The task will output a single rectangle feature representing the extent of the inputLayer if this value is set to true. The default is false.

Values: true | false

REST examples

//REST web example
true

//REST scripting example
"extentOutput": true
outputName

(Required)

This value is required when you choose to output an extent feature layer or sample feature layer. The task will create a feature service of the resulting layers.

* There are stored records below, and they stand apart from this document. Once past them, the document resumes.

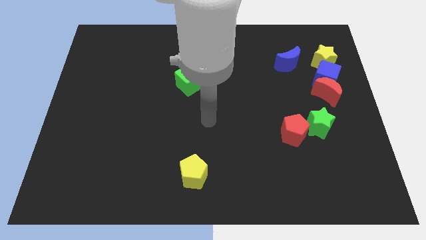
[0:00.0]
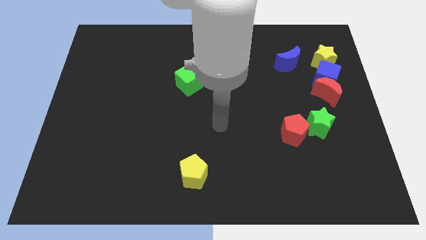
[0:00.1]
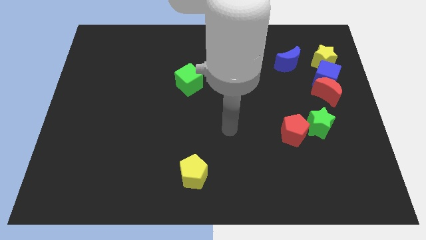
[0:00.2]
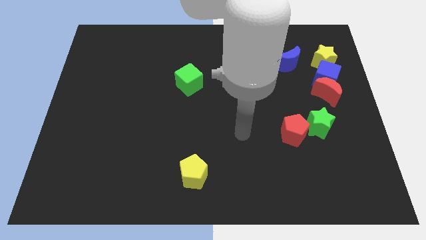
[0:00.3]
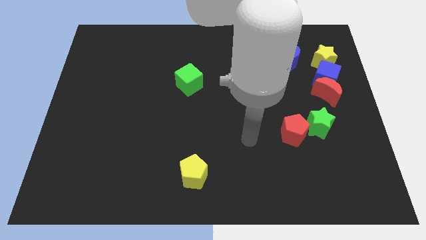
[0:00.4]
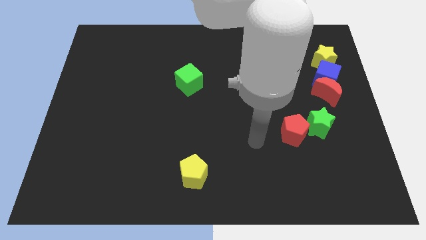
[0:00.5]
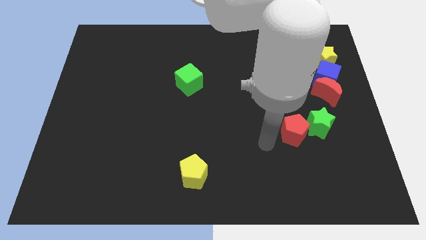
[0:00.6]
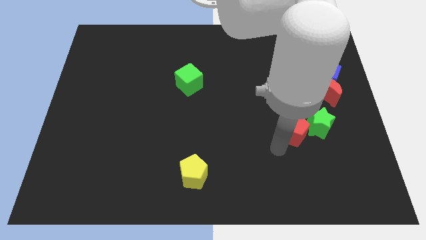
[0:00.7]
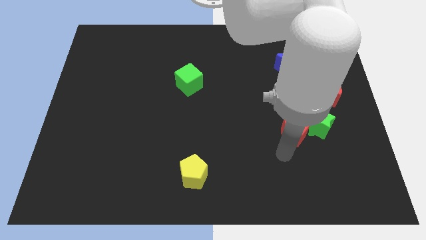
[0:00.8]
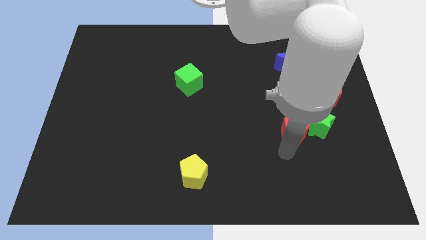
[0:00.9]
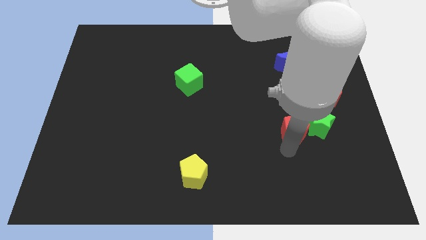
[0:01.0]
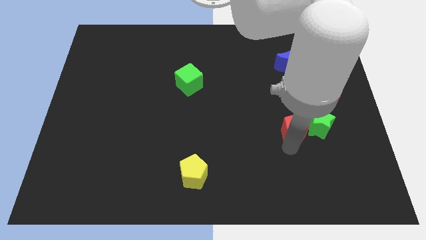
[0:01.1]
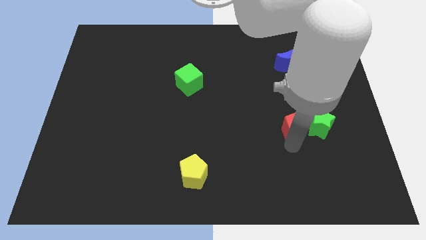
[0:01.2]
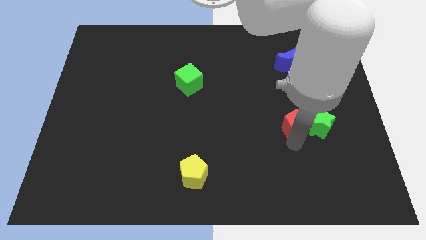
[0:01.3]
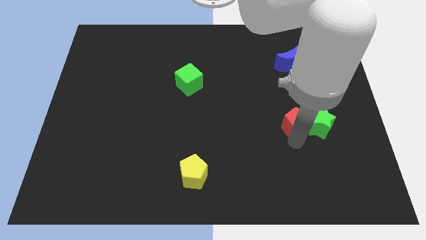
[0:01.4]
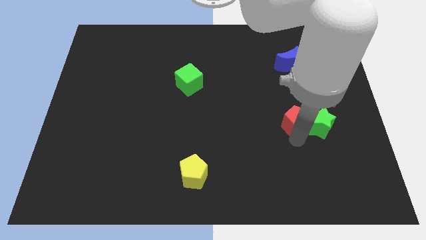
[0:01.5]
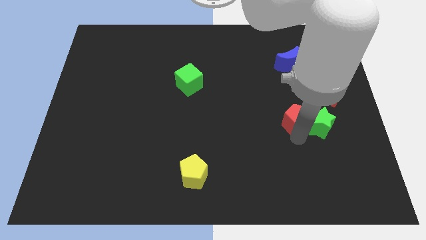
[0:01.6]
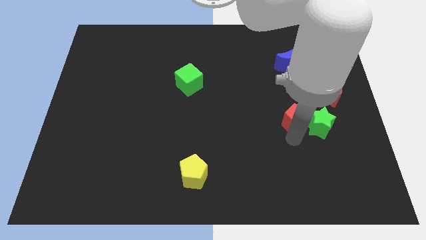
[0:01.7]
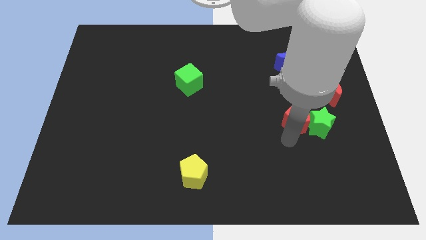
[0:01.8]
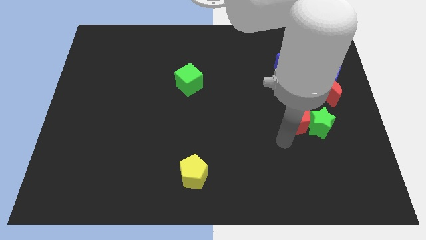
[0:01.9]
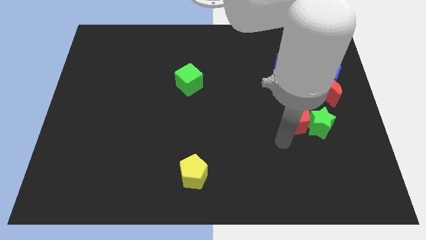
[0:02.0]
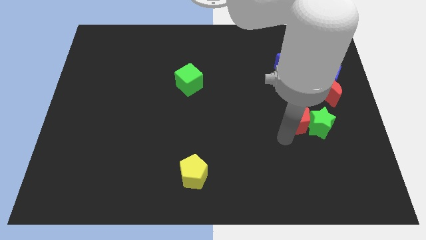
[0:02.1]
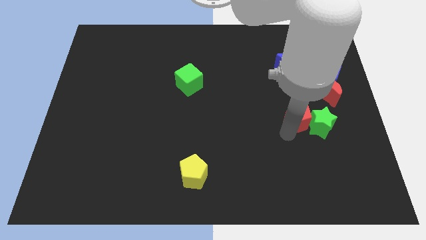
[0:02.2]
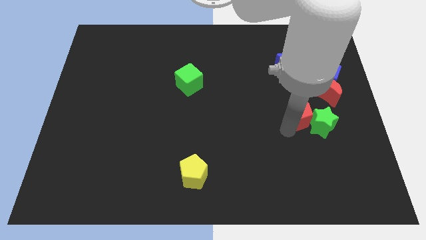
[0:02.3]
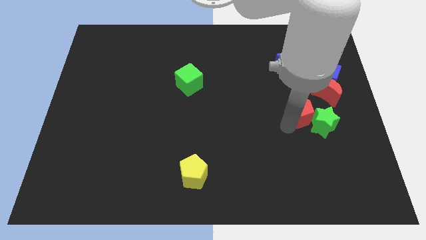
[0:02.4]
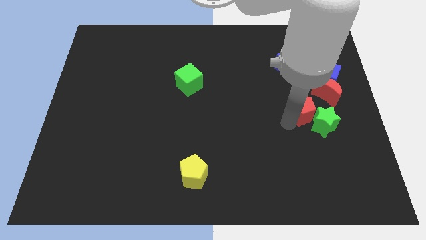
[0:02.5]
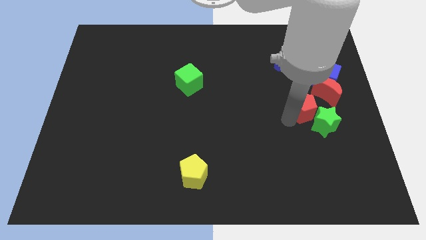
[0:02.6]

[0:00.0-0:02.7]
move the red pentagon above the green star

You define the name of the service.

REST examples

//REST web example
myOutput

//REST scripting example
"outputName": "myOutput"
context

(Optional)

The context parameter contains additional settings that affect task execution. For this task, there are four settings:

  • Extent (extent)—A bounding box that defines the analysis area. Only those features that intersect the bounding box will be analyzed.
  • Processing spatial reference (processSR)—The features will be projected into this coordinate system for analysis.
  • Output spatial reference (outSR)—The features will be projected into this coordinate system after the analysis to be saved. The output spatial reference for the spatiotemporal big data store is always WGS84.
  • Data store (dataStore)—Results will be saved to the specified data store. The default is the spatiotemporal big data store.

Syntax:
{
"extent" : {extent},
"processSR" : {spatial reference},
"outSR" : {spatial reference},
"dataStore":{data store}
}
f

The response format. The default response format is html.

Values: html | json

Example usage

Below is a sample request URL for DescribeDataset:

https://hostname.domain.com/webadaptor/rest/services/System/GeoAnalyticsTools/GPServer/DescribeDataset/submitJob?inputLayer={"url":"https://hostname.domain.com/webadaptor/rest/services/Hurricane/hurricaneTrack/0"}&sampleSize=450&extentOutput=true&outputName=myOutput&context={"extent":{"xmin":-122.68,"ymin":45.53,"xmax":-122.45,"ymax":45.6,"spatialReference":{"wkid":4326}}}&f=json

Response

When you submit a request, the service assigns a unique job ID for the transaction.

Syntax:
{
"jobId": "<unique job identifier>",
"jobStatus": "<job status>"
}

After the initial request is submitted, you can use jobId to periodically check the status of the job and messages as described in Check job status. Once the job has successfully completed, use jobId to retrieve the results. To track the status, you can make a request of the following form:

https://<analysis url>/DescribeDataset/jobs/<jobId>

Access results

When the status of the job request is esriJobSucceeded, you can access the results of the analysis by making a request of the following form:

https://<analysis-url>/DescribeDataset/jobs/<jobId>/results/<result type>?token=<your token>&f=json

The DescribeDataset operation has the following result types: outputJSON, output, extentLayer, sampleLayer, and processInfo.

ResponsesDescription
outputJSON

outputJSON returns a JSON that details the properties of the input layer.

The following characteristics will be defined in the output JSON:

  • datasetName—The name of the inputLayer. In the following example, the input layer name is my_bigdata_dataset.
  • datasetSource—The storage location for the input dataset. This could be one of the following: ArcGIS Data Store - Relational, ArcGIS Data Store - Spatiotemporal, Big Data File Share - <your big data file share name>, Feature Collection, or Remote Feature Service. In the following example, the dataset source is a big data file share named my_registered_file_share.
  • recordCount—The count of nonempty input records. The output below shows the input layer has 234 records.
  • geometry—A list of input layer geometry settings including geometry type, spatial reference, spatial extent, and record counts. In the following example, the input layer has point geometry and a spatial reference of 4326, and six records do not have a geometry. A record may be counted as having no geometry if the geometry value is outside of the valid extent of the input layer.
  • time—A list of input layer time settings including time type, record counts, and temporal extent. In the following example, the input features have time of type interval and four of the time values are empty.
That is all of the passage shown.